_WHAT IS EXPECTED_
Every line of the data below should be repeated exactly, and no picture should be copied.

_Items from a dataset_
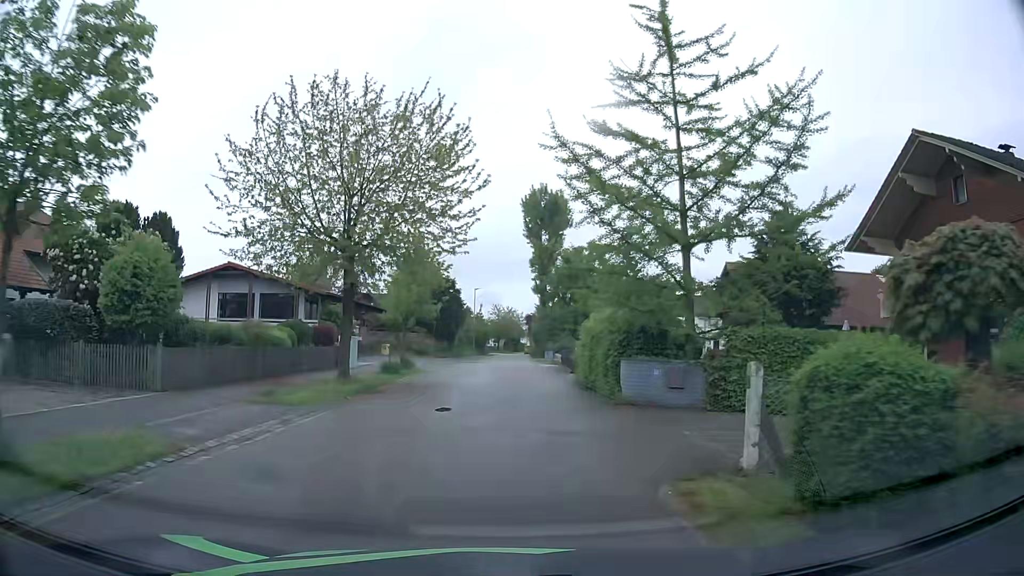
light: Day
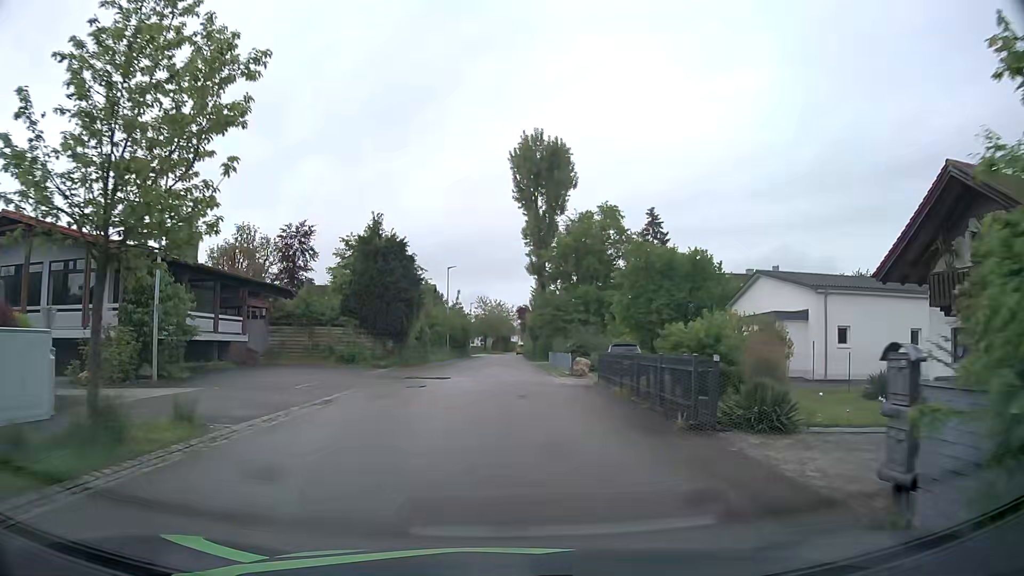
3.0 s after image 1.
(+0.5, +23.2) m; +1°
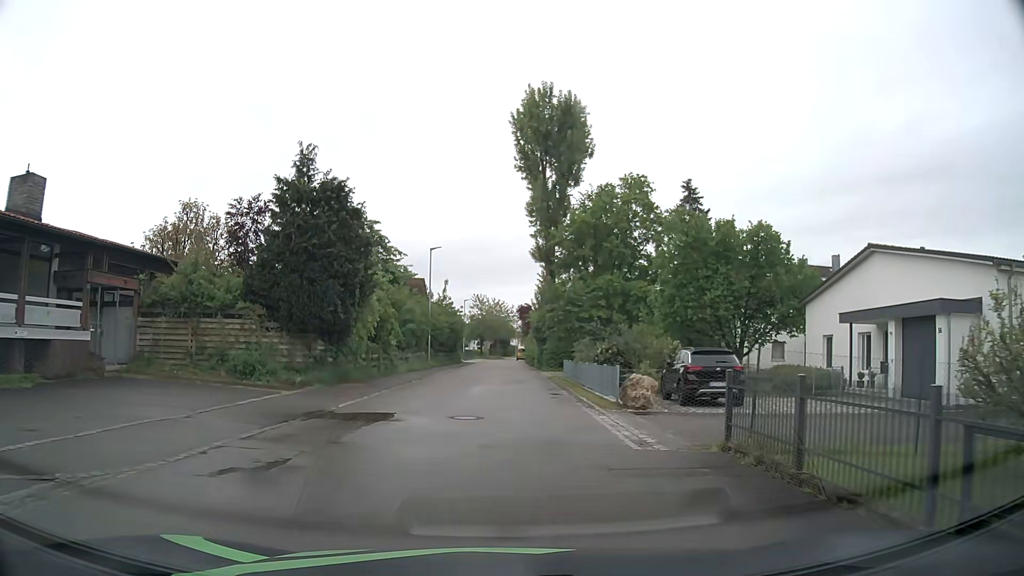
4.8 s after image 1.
(+0.1, +13.8) m; 0°
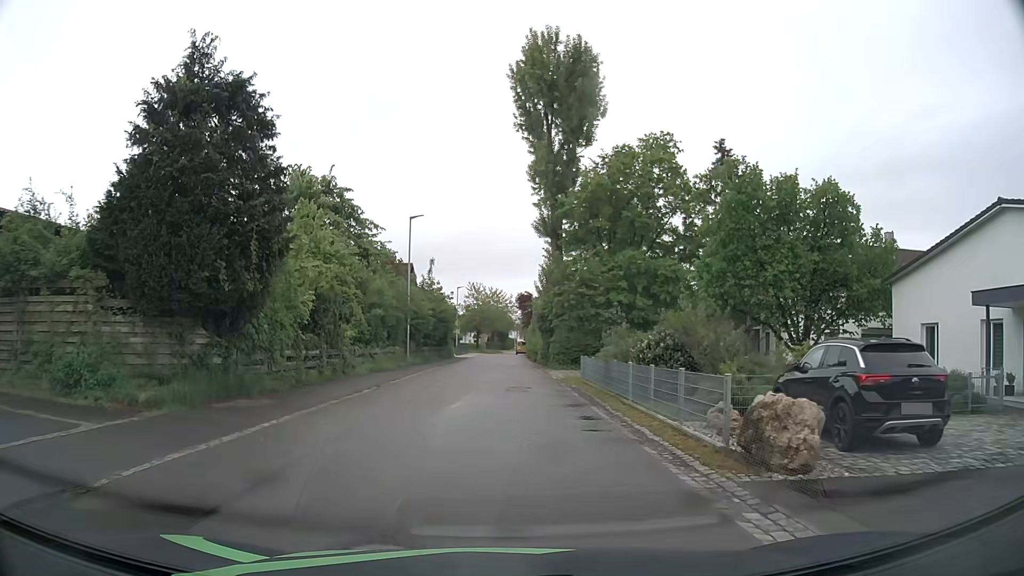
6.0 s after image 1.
(+0.1, +9.2) m; +1°
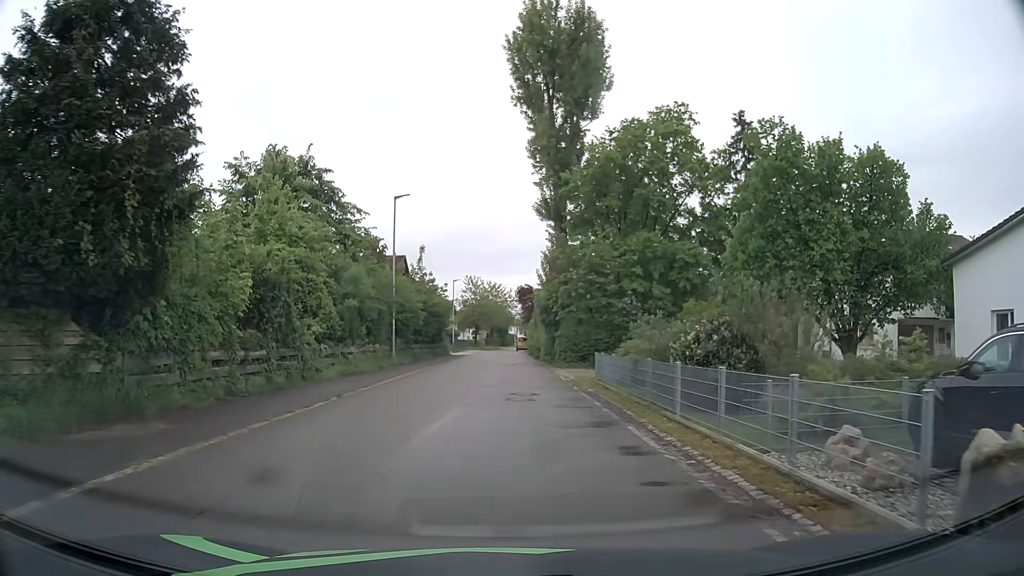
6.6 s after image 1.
(0.0, +4.7) m; 0°
(0, +10) (0, +20) (0, +30) (0, +40) (0, +50) (-1, +60) (-1, +70) (-1, +80) (-1, +90) (-1, +100) m

_YOUR SOLUTION_
light: Day
3.0 s after image 1.
(+0.5, +23.2) m; +1°
4.8 s after image 1.
(+0.1, +13.8) m; 0°
6.0 s after image 1.
(+0.1, +9.2) m; +1°
6.6 s after image 1.
(0.0, +4.7) m; 0°
(0, +10) (0, +20) (0, +30) (0, +40) (0, +50) (-1, +60) (-1, +70) (-1, +80) (-1, +90) (-1, +100) m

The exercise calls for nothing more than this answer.